ただ、アジアの需給ギャップ解消の道筋は見えておらず、鉄鋼各社は慎重姿勢を崩していない。JFEの岡田副社長は1月末の決算会見で、安倍政権の経済・金融対策で市場経済全体に上昇機運はあるが「実際のプラス要素は来年度になる」と指摘。日鉄住金の本部文雄副社長は今月14日の決算発表で、経済対策の効果は「鋼材に限ればまだみえてきていない」とし、造船など製造業向けは依然として厳しい環境が続いているとの認識を示した。

それでも、円安で「相対的に韓国ウォンに対するポジショニングも是正されつつある」(JFE副社長)ほか、「輸出中心に、これまでは損益的に販売が難しかったところも少し状況が変わってきた」(日鉄住金副社長)と変化の手ごたえを感じ始めた向きもある。電炉大手の東京製鉄(5423.T)は今週、円安で「輸出価格に比べ国内価格の割安感が浮き彫りになった」(今村清志営業本部長)として、3月契約の鋼材値上げを発表。円安で韓国などの輸入鋼材が減速する一方で、老朽化インフラの補修工事など土木向け需要の増加や物流倉庫など民間設備投資の回復で、「鋼材需要の先行きに明るさが広がりつつある」(同本部長)としており、期待感も膨らみ始めた。

<海外戦略への影響>

円安のもう一つの恩恵は、顧客の国内生産増加で鋼材需要が拡大すること。ただ「アジアなどの需要拡大地域へ日本の製造業が生産移管する流れは止まらない」(外資系証券)とみられ、鉄鋼各社にとっても海外戦略の重要性は変わりそうもない。

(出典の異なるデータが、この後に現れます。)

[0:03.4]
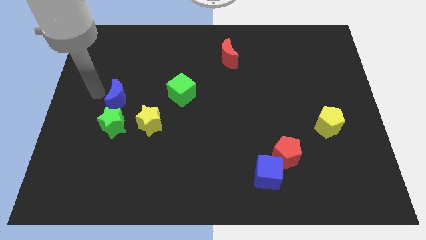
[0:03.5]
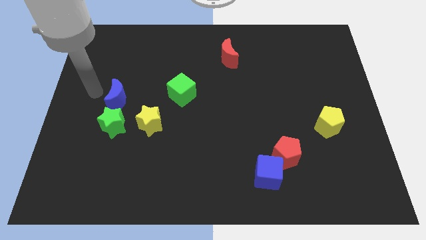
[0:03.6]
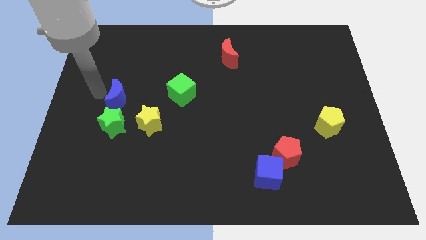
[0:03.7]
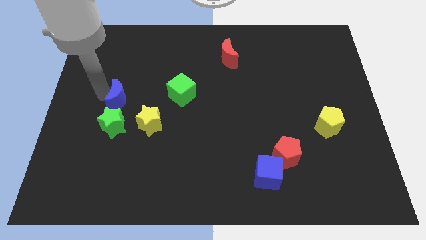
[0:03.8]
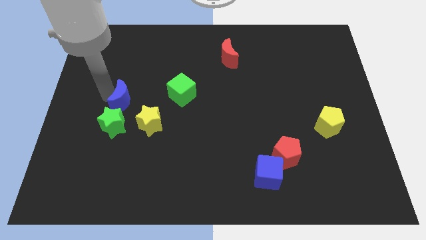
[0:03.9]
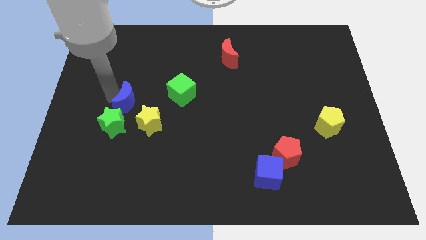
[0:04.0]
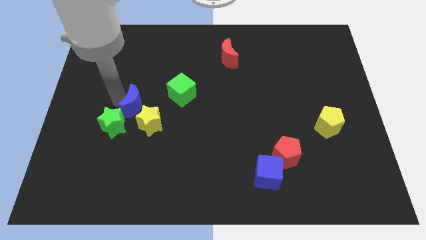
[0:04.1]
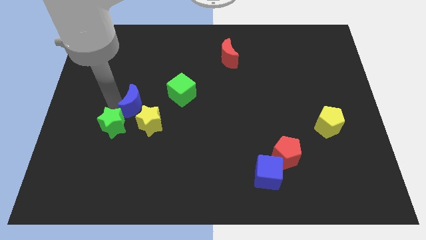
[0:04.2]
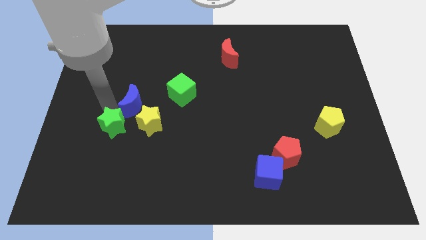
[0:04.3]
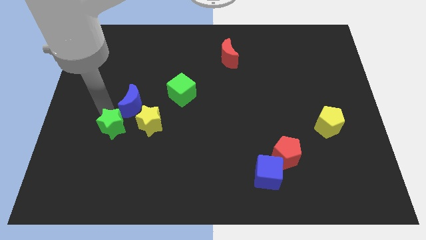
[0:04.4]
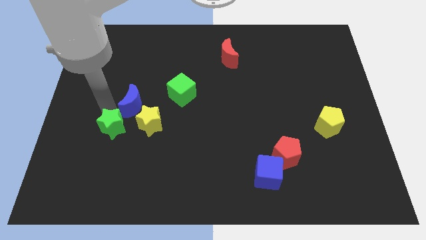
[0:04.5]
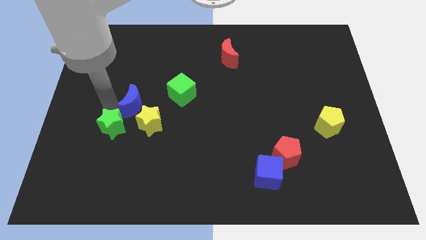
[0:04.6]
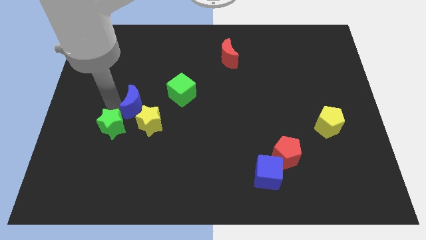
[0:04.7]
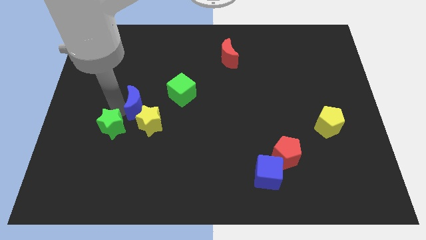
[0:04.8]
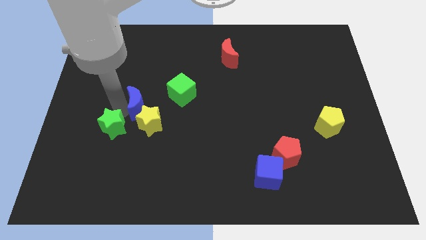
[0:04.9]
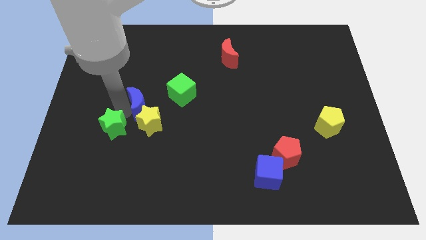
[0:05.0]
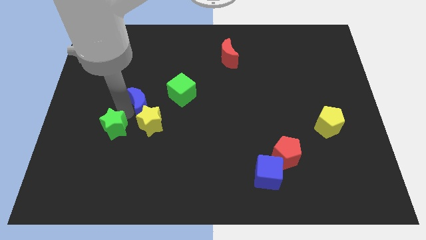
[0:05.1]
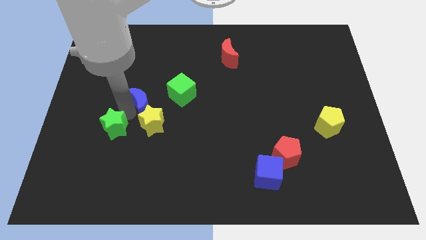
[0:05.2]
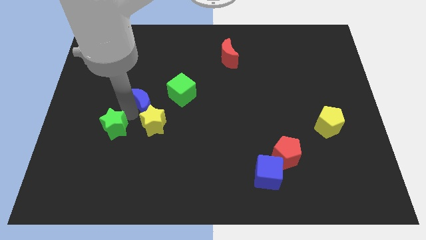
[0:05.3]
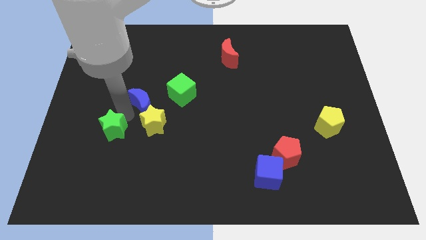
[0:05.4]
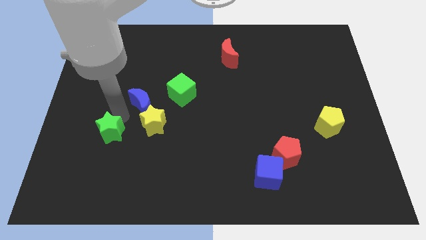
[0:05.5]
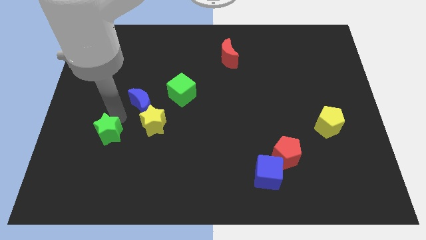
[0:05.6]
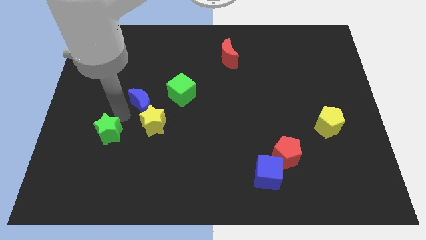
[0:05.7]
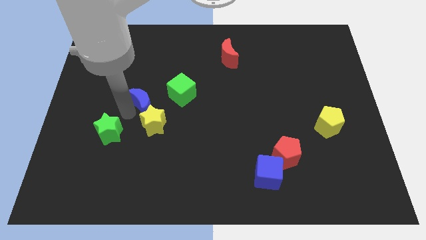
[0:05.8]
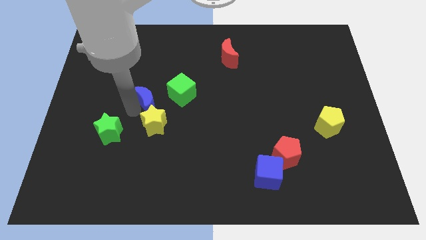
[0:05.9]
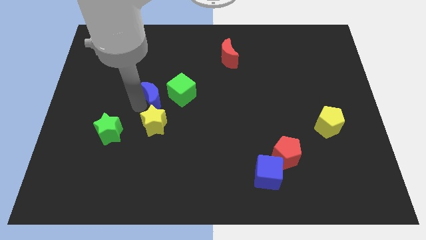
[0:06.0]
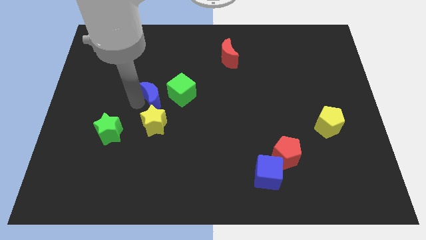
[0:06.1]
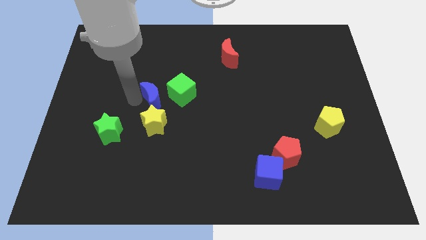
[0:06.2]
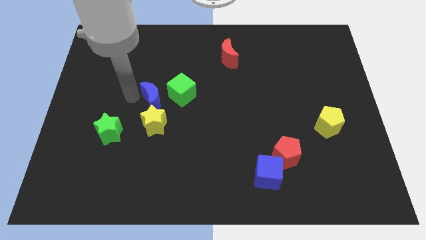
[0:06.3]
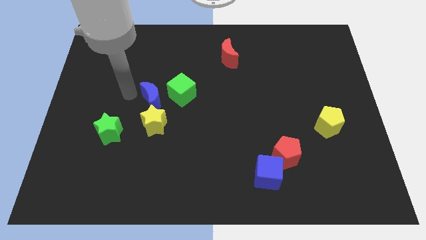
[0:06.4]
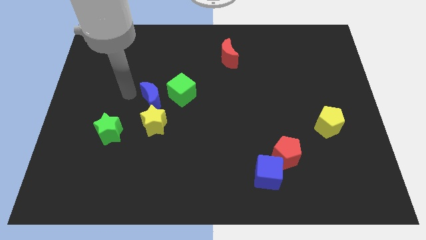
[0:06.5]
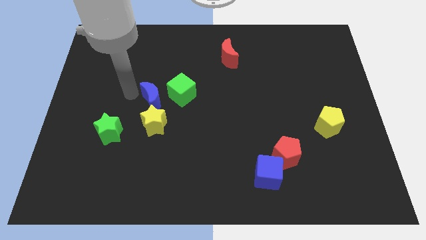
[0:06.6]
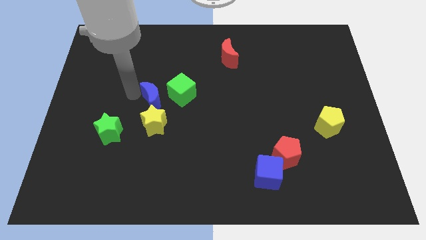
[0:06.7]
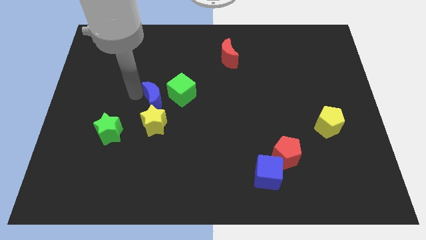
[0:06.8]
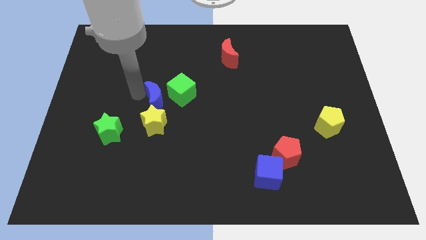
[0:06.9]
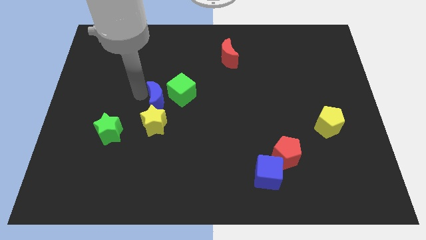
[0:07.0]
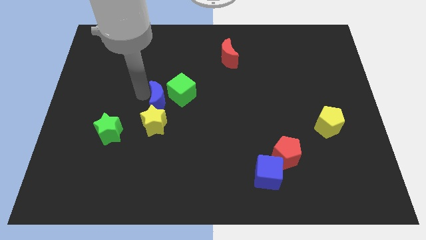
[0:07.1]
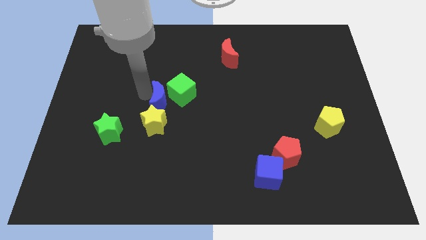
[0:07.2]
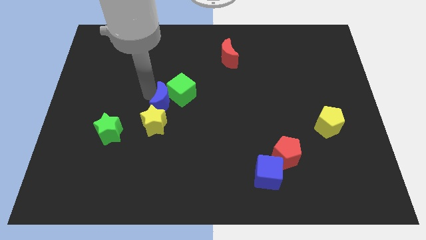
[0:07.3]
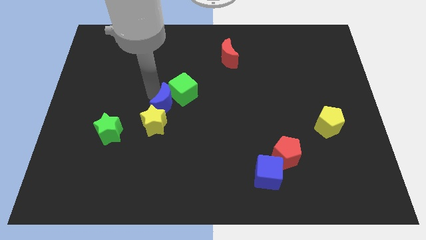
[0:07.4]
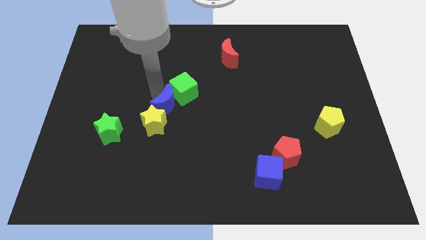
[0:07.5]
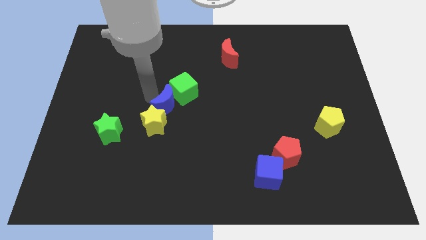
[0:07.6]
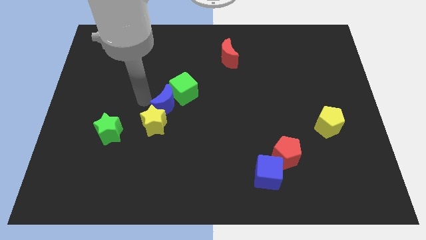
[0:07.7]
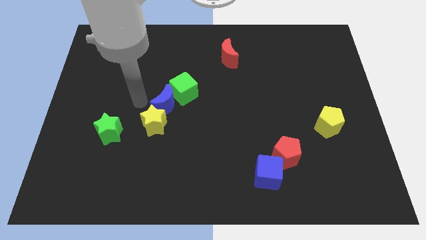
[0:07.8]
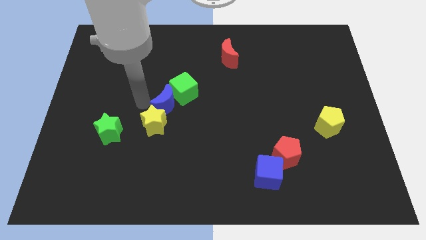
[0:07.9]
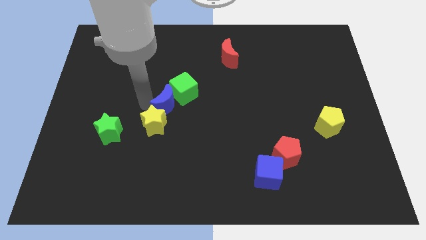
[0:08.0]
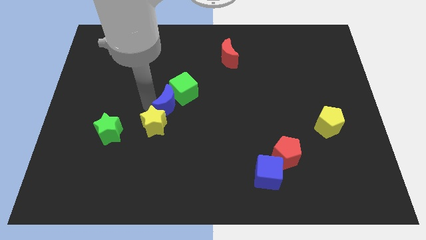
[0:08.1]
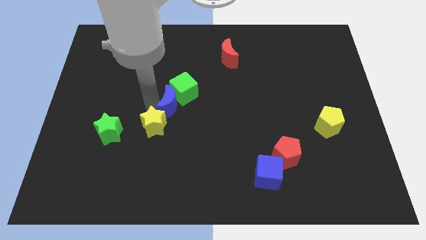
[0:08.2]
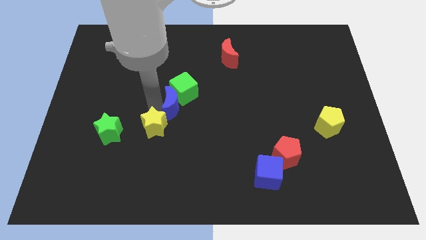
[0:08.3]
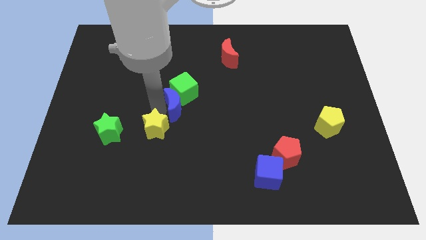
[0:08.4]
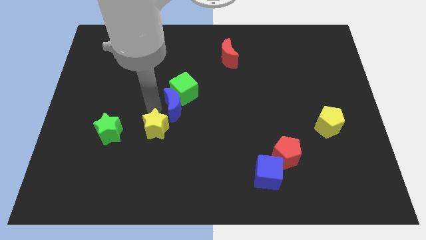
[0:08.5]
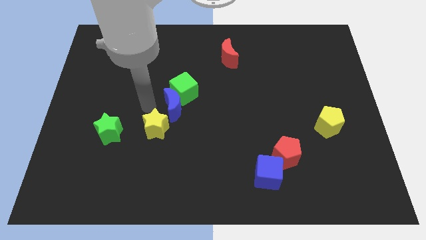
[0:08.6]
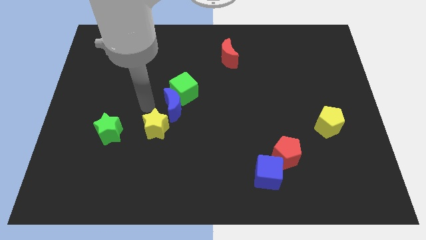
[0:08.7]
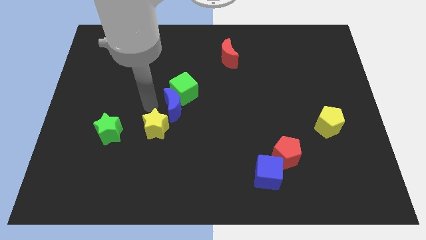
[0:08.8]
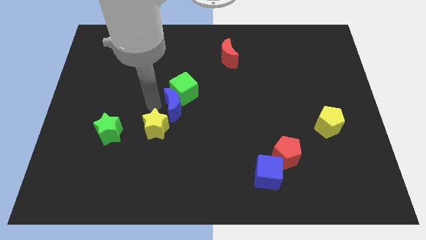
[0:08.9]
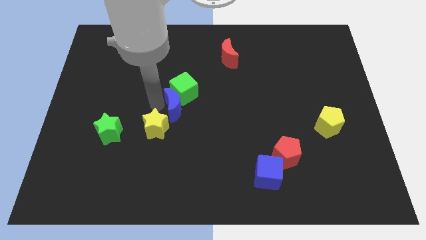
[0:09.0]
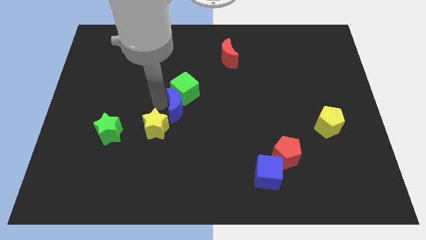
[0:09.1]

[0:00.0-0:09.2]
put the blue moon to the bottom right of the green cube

JFEは、台湾の義聯集団がベトナムで計画する高炉一貫製鉄所プロジェクトへの参画に向け、事業化検証を実施中で、今年度中にも最終判断を行う方針。まず粗鋼能力350万トン程度の薄板中心の製鉄所を2016年に立ち上げる想定だが、「東南アジア地域では新たな高炉建設計画が目白押しで供給過剰感が強い。川上の高炉建設は財務負担も大きいだけに、川下展開を強化し顧客層の拡大を先行させた方がいい」(日系証券アナリスト)との見方もある。

日鉄住金は3月中に中期経営計画を公表する。粗鋼生産量でアルセロールミタルISPA.ASに次ぐ世界第2位の鉄鋼メーカーとなった同社の目標には「アジアや米州地域等での高炉を含む製造販売拠点の強化・新設」や、「世界の粗鋼生産規模を(現行の5000万トンから)6000─7000万トンに引き上げる」ことも含まれており、中計ではより具体的な海外戦略の方向性が示される見通し。「コスト削減の詳細だけでなく世界戦略や成長戦略も明確に示してほしい」(大和の五百旗頭氏)との声も多く、発表内容が注目されそうだ。